Autonomous vehicles are racing into reality. It is no longer a question of if but when our roads will be lined with robots that will taxi human passengers from A to B. A handful of US states such as California have already legalized testing of self-driving cars, and the growth of the movement was highlighted when an Uber autonomous vehicle was involved in a fatal collision in Arizona last week.

Several companies are already hard at work creating autonomous driving technology, from legacy car makers to urban mobility upstarts and consumer tech titans. Most consumers see a future in which driving is an unnecessary inconvenience. Despite recent fatal collisions, a survey of 5,500 consumers in 27 cities in 10 countries by the Boston Consulting Group found that 58% of respondents said they would take a ride in a self-driving vehicle, and 69% said that they would take a ride in a partially self-driven car.

If that is indeed our future, then car-sharing will almost certainly be part of it. Already, ride-sharing taxi pioneers Uber and Didi Chuxing are testing autonomous versions of their fleets on public roads. And motor makers General Motors, Nissan, Mercedes and Bosh have all either tested a self-driving taxi service or are planning to do so. A BCG study found that approximately 325 million drivers will use car-sharing services by 2021.

If that future is to be realized, the technology behind autonomous vehicles will need to evolve, and quickly. Self-driving cars rely upon vast quantities of data to enable machine learning, which will guide its decisions. A self-driving car collects more than a terabyte of data each day, enough to fill 1,400 CDs.

The vehicles will also need a technology to enable machine-to-machine payments for services such as fuel and tolls, which would be similar to the Internet of Things (IoT). There remains debate about which tech is best suited to the task, but the blockchain is one of the front-runners.

The blockchain enables the fast and friction-less transfer of assets or data over the internet. It emerged with the controversial cryptocurrency bitcoin, but blockchain has since come into its own, powering everything from the transfer of medical records to clearing bank remittances. Blockchain has remained true to its mission of being a decentralized peer-to-peer transfer mechanism for near instant and free payments.

The technology could be applied to payments related to autonomous vehicles, for example for working out the price of a shared-vehicle taxi and taking payments for services, with the blockchain able to scale up to potentially millions of transactions per second — much faster than banks’ legacy payment systems.

It could also to facilitate the transferring of ownership of the vehicles themselves, just like how you might rent a car via the web today. A platform such as RxEAL could facilitate a smart contract for the renting or use of an autonomous vehicle. It could also handle the depositing of funds which would be stored securely on the Ethereum blockchain during the rental period, or until mutually approved action is initiated, with no ability for lessor to unilaterally access the deposited funds.

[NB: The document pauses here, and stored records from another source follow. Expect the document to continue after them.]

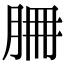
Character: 𦚻
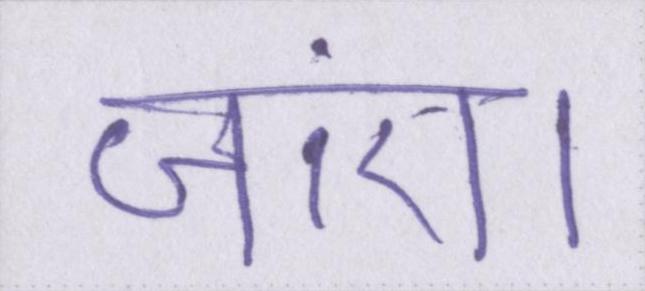
जाएं।
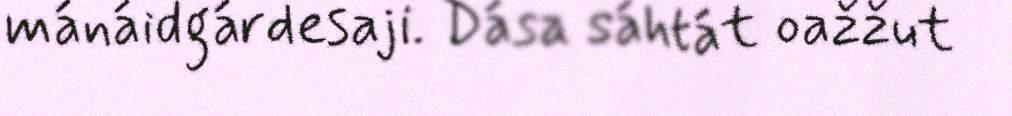
mánáidgárdesaji. Dása sáhtát oažžut

Enthusiasts claim that using the blockchain to facilitate car-sharing makes for a safer system in which trust is no longer required. After all, the blockchain has no one central authority governing transactions and so no one user can gain control over it. And a smart contract such as RxEAL’s would solve the issue of trust involved in handing over security deposits to the other party for storage. Although this is true in practice, there are some hurdles that need to be overcome for the blockchain to empower autonomous vehicle sharing. 

For example, in a decentralized solution, there is no mechanism to account for unforeseen issues, such as damage done to a vehicle, or if it is lost. There has to be a mechanism in place to claim losses or damages caused by the renting party, so that a vehicle owner can recoup losses, and the solution needs to be aligned with jurisdictional regulations, which differ from US state to state. It is a similar case for peer-to-peer sharing of all assets, from power tools to industrial equipment and condos.

While there are roadblocks on the way to autonomous vehicle sharing, blockchain can smooth plenty of the bumps. A safer, quicker and more reliable service beckons with the blockchain.